◆ **EXERCISE DESCRIPTION**:
Going through the data below, find how many lines include the word "screening", and reply with that number alone.

[DATA BLOCK — start]

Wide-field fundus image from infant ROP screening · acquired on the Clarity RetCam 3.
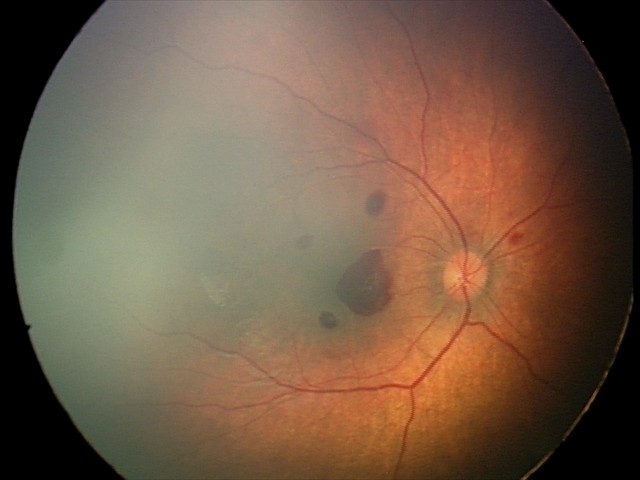
Q: What was the screening finding?
A: retinal hemorrhages

[DATA BLOCK — finish]

◆ **ANSWER FOR THIS EXERCISE**:
2